Justice Tammen noted that the Supreme Court had ruled that cases in which it is unclear whether the degree of “policy” involved is sufficient to protect against liability for negligence must be permitted to go to trial unless it is “plain and obvious” that an impugned government decision is a policy decision.
“I cannot say that the decisions with which we are here concerned are obviously policy decisions. The plaintiff’s claim of systemic negligence is not doomed to fail on the basis that it is impugns ‘core policy,’” Justice Tammen wrote.
He noted that the plaintiff had submitted that the CSC policy on management of inmates on medical isolation during the pandemic was a fundamentally flawed instrument, which when implemented by those in charge of individual institutions resulted in foreseeable harm to the entire class of plaintiff inmates.
“Based on the reasoning in Francis, the plaintiff’s claim may well succeed. Equally, it may not. Whether or not the claim ultimately succeeds is an issue for trial,” the judge wrote, noting that the claim was not bound to fail.
Canada also argued that case law concerning administrative segregation was of no assistance because the case at bar concerned medical isolation, which was both medically necessary, informed by medical advice and entirely different from administrative segregation.
The plaintiff had relied on a series of cases, from both Ontario and B.C., in which causes of action in negligence and for breaches of ss. 7 and 12 of the Charter had been certified as class proceedings based on prolonged periods of separate confinement imposed on prison inmates.
Justice Tammen noted that this issue should be decided at trial.
“However, at first blush, that argument seems to be meritless. The label attached to the separate confinement is largely irrelevant. It is the treatment endured by the inmate which is important,” the judge wrote.
Canada also argued that a class-wide Charter analysis was impossible.
Justice Tammen cited Ewert v. Canada (Attorney General), 2022 BCCA 131, which concerned a class action brought by an inmate in relation to a 12-day lockdown.

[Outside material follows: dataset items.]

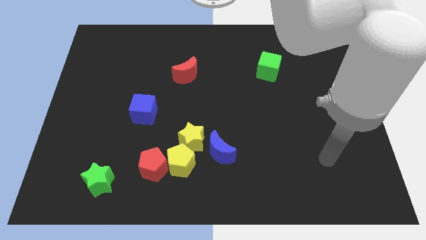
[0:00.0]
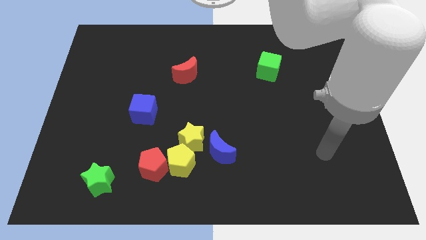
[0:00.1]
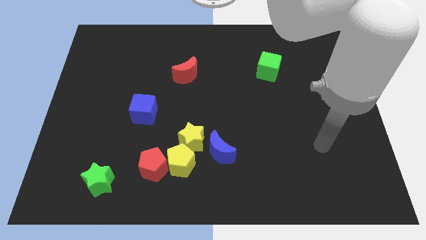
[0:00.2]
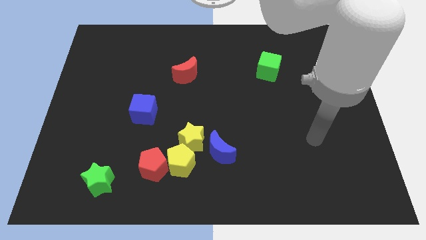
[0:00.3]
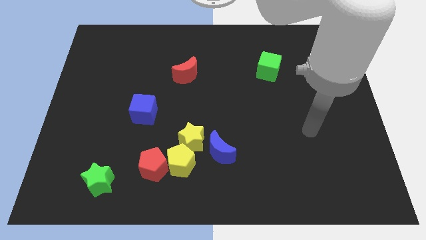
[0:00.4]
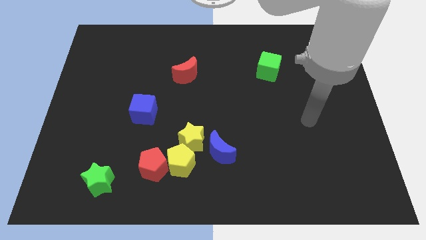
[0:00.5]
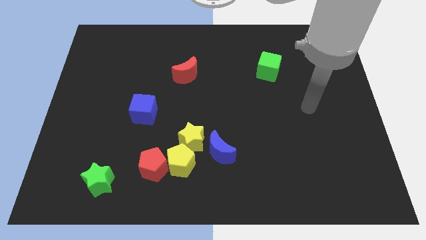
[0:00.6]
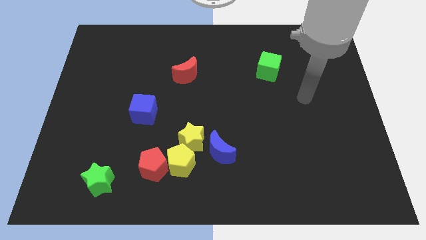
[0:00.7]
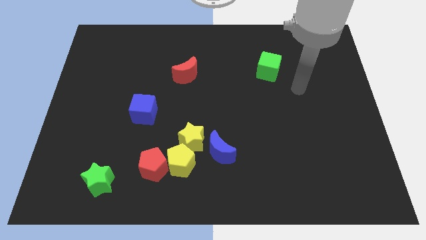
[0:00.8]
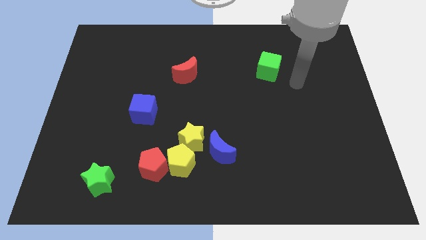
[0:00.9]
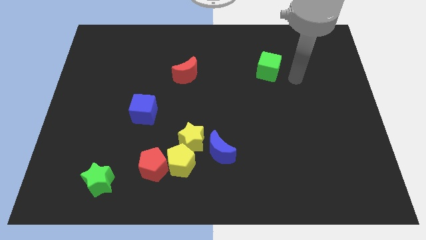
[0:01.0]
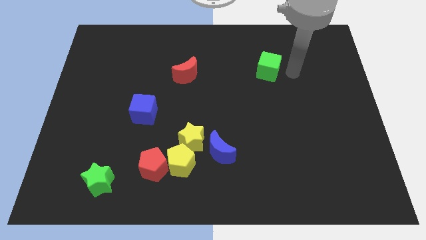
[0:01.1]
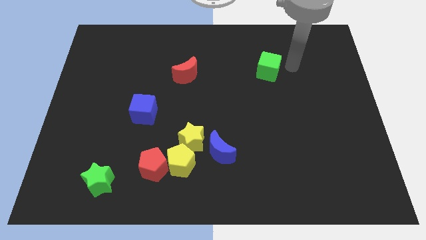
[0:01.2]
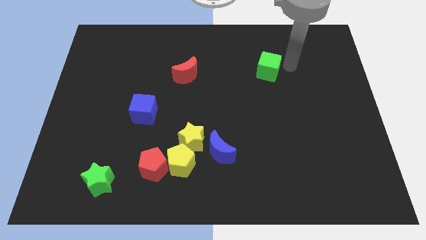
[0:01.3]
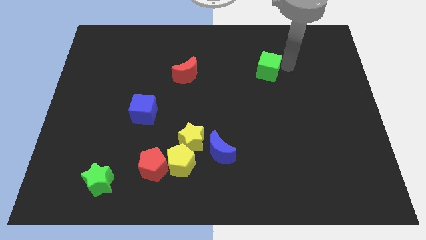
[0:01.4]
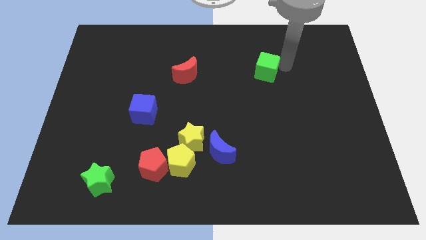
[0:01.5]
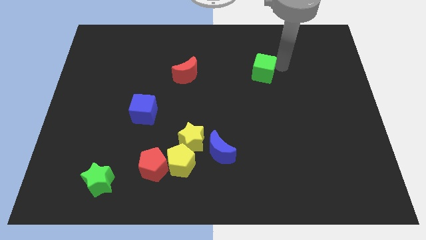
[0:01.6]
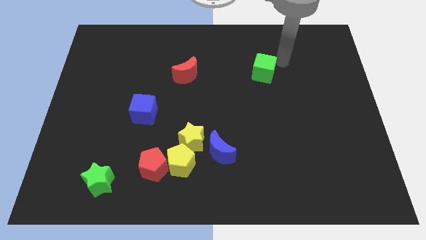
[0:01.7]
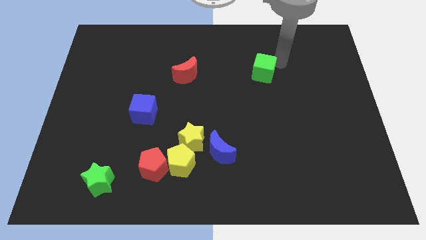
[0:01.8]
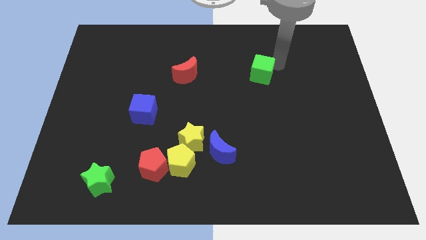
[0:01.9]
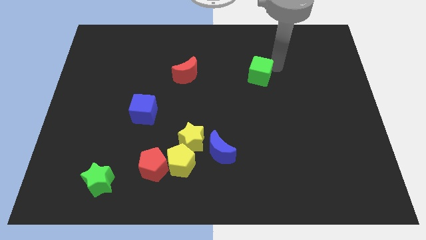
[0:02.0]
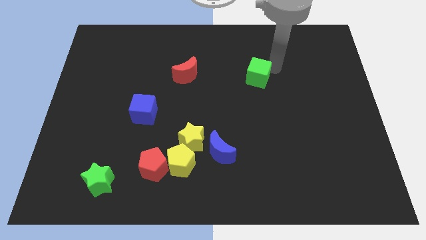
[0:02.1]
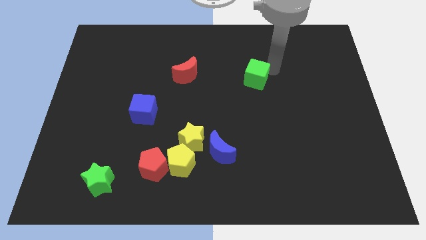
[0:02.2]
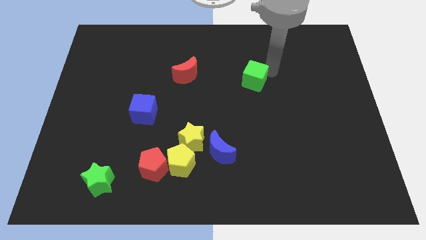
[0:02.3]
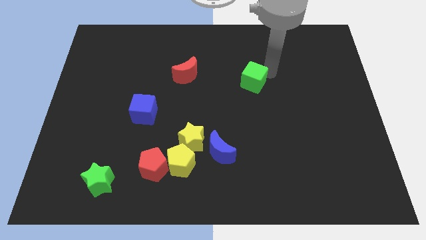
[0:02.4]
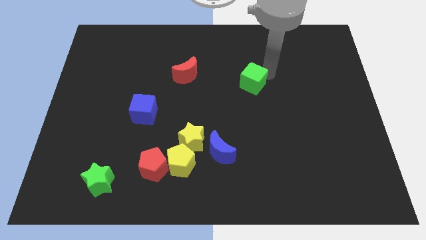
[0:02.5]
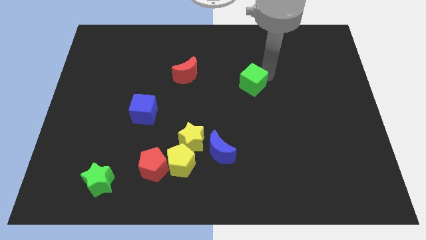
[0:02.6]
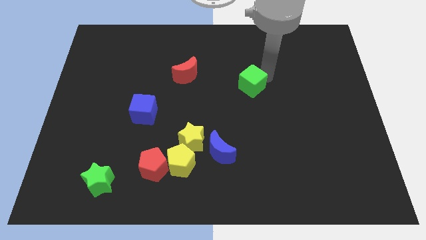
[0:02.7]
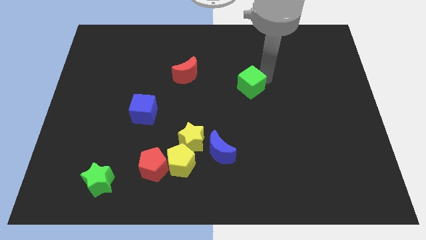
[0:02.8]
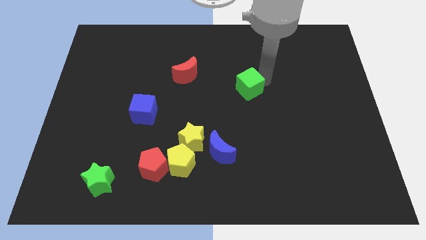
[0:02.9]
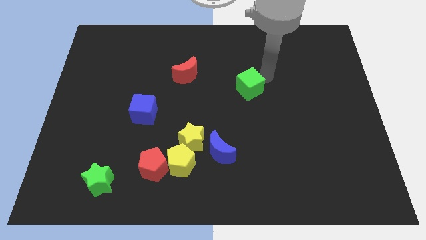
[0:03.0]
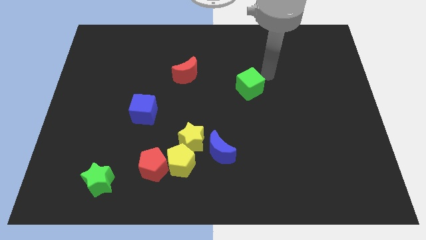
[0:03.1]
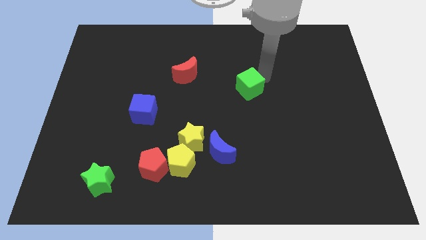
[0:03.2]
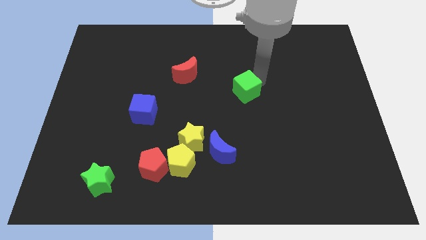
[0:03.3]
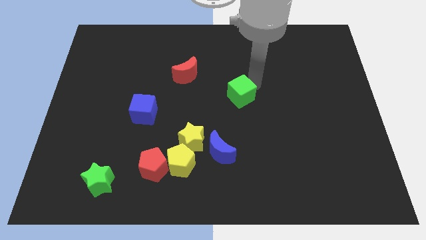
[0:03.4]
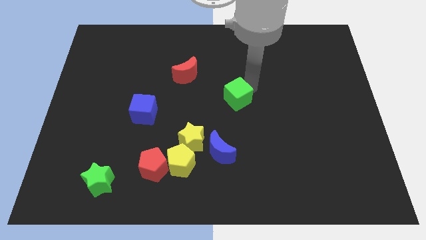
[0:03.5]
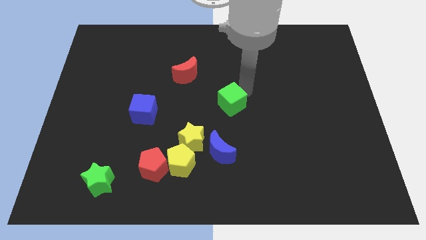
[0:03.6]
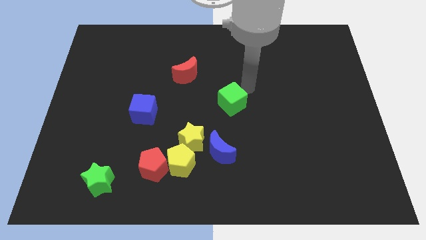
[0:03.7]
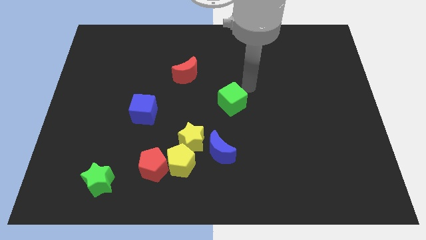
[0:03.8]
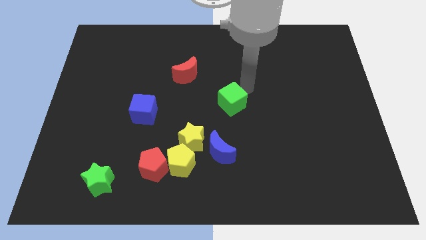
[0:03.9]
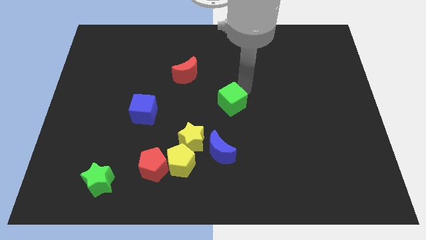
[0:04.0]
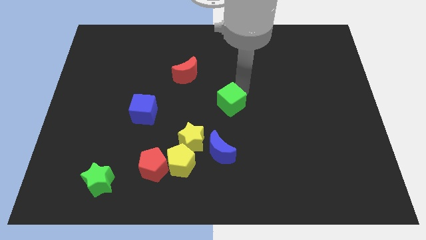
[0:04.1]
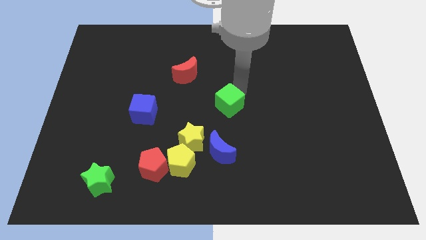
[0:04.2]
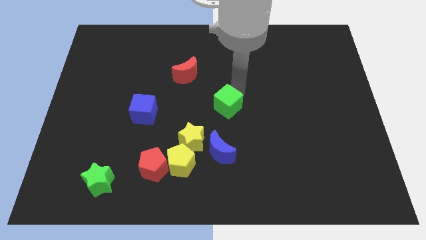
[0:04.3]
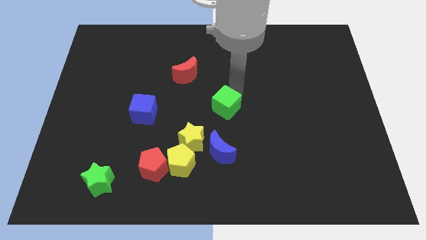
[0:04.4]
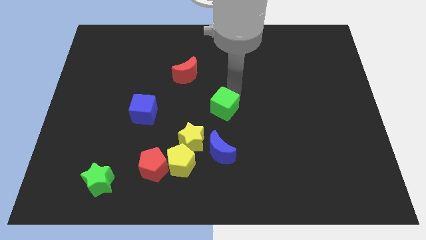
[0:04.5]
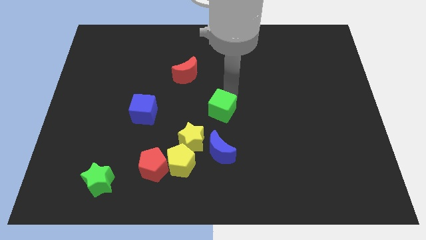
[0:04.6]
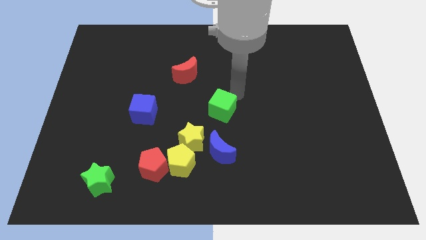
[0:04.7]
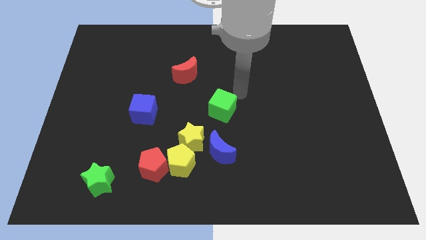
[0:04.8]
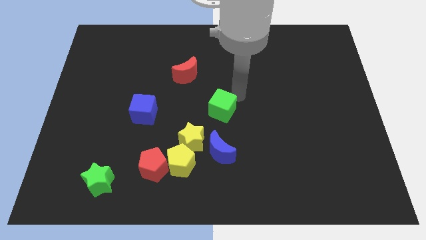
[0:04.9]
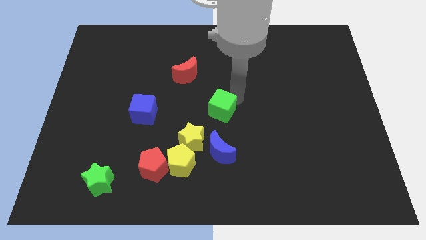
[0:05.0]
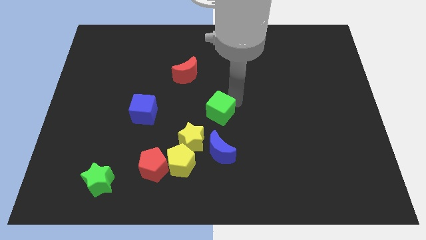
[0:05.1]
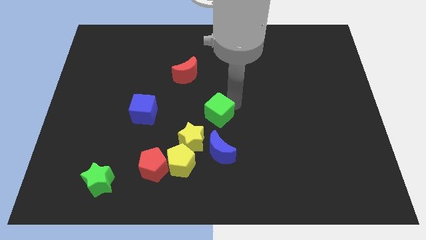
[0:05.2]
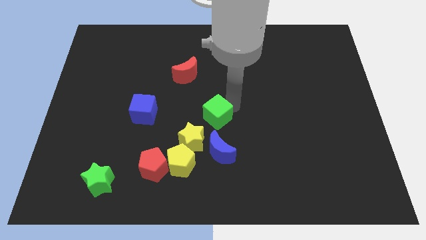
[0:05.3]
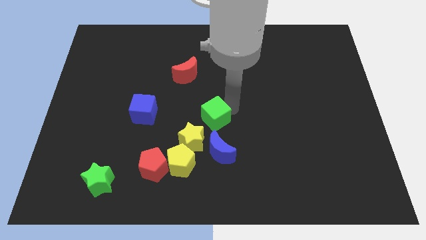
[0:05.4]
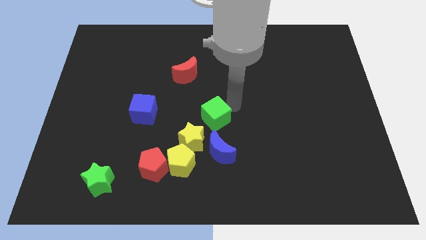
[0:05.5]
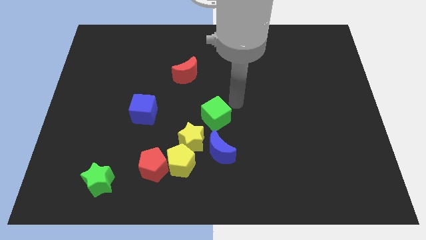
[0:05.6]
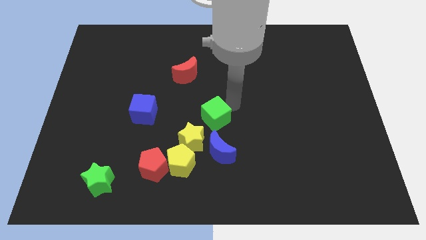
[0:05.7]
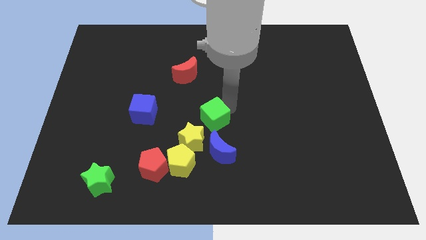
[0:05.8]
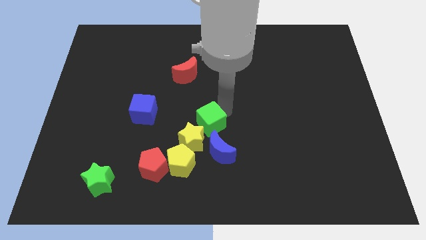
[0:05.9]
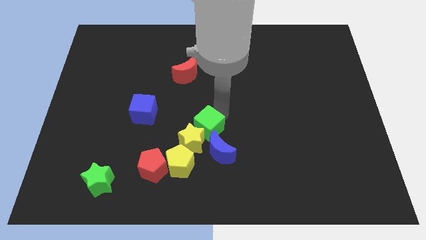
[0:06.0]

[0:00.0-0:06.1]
put the green cube to the yellow star

In Ewert, the Court of Appeal found that the claims in respect of ss. 7, 12 and 24(1) of the Charter, which implicated rights that were inherently personal in nature, were likely to break down into individualized investigations and therefore lacked the commonality required for certification.
Justice Tammen noted that in Ewert, the court found that many of the things set out as “failures,” said to constitute breaches of the standard of care, did not address experiences that would have been common to all class members.
The court, however, found that the case at bar was rooted in commonality of experience among all class members caused by the blanket imposition of separate confinement.
“There is no need to explore the individual interactions between CSC staff and various class members to determine the central question. Indeed, part of the claim is that there was no meaningful interaction with anyone, including CSC staff; it is alleged that even the daily wellness checks of inmates were extremely perfunctory,” the judge wrote.
The court certified the action as a class proceeding in a decision dated May 30. The decision was posted to the court’s website on June 2.
A spokesperson for the CSC declined to comment on the specifics of the case but stated that CSC’s measures to contain the spread of COVID-19 had been developed through consultation with public health experts, the Public Health Agency of Canada (PHAC), local public health agencies, labour partners and stakeholders.
Counsel for the plaintiff were Patrick Dudding, Danielle Toth and Keith Schille of Acheson Sweeney Foley Sahota LLP.
Counsel for Canada were Banafsheh Sokhansanj, Aileen Jones, Alison Brown and Anamaria Baboi of Justice Canada.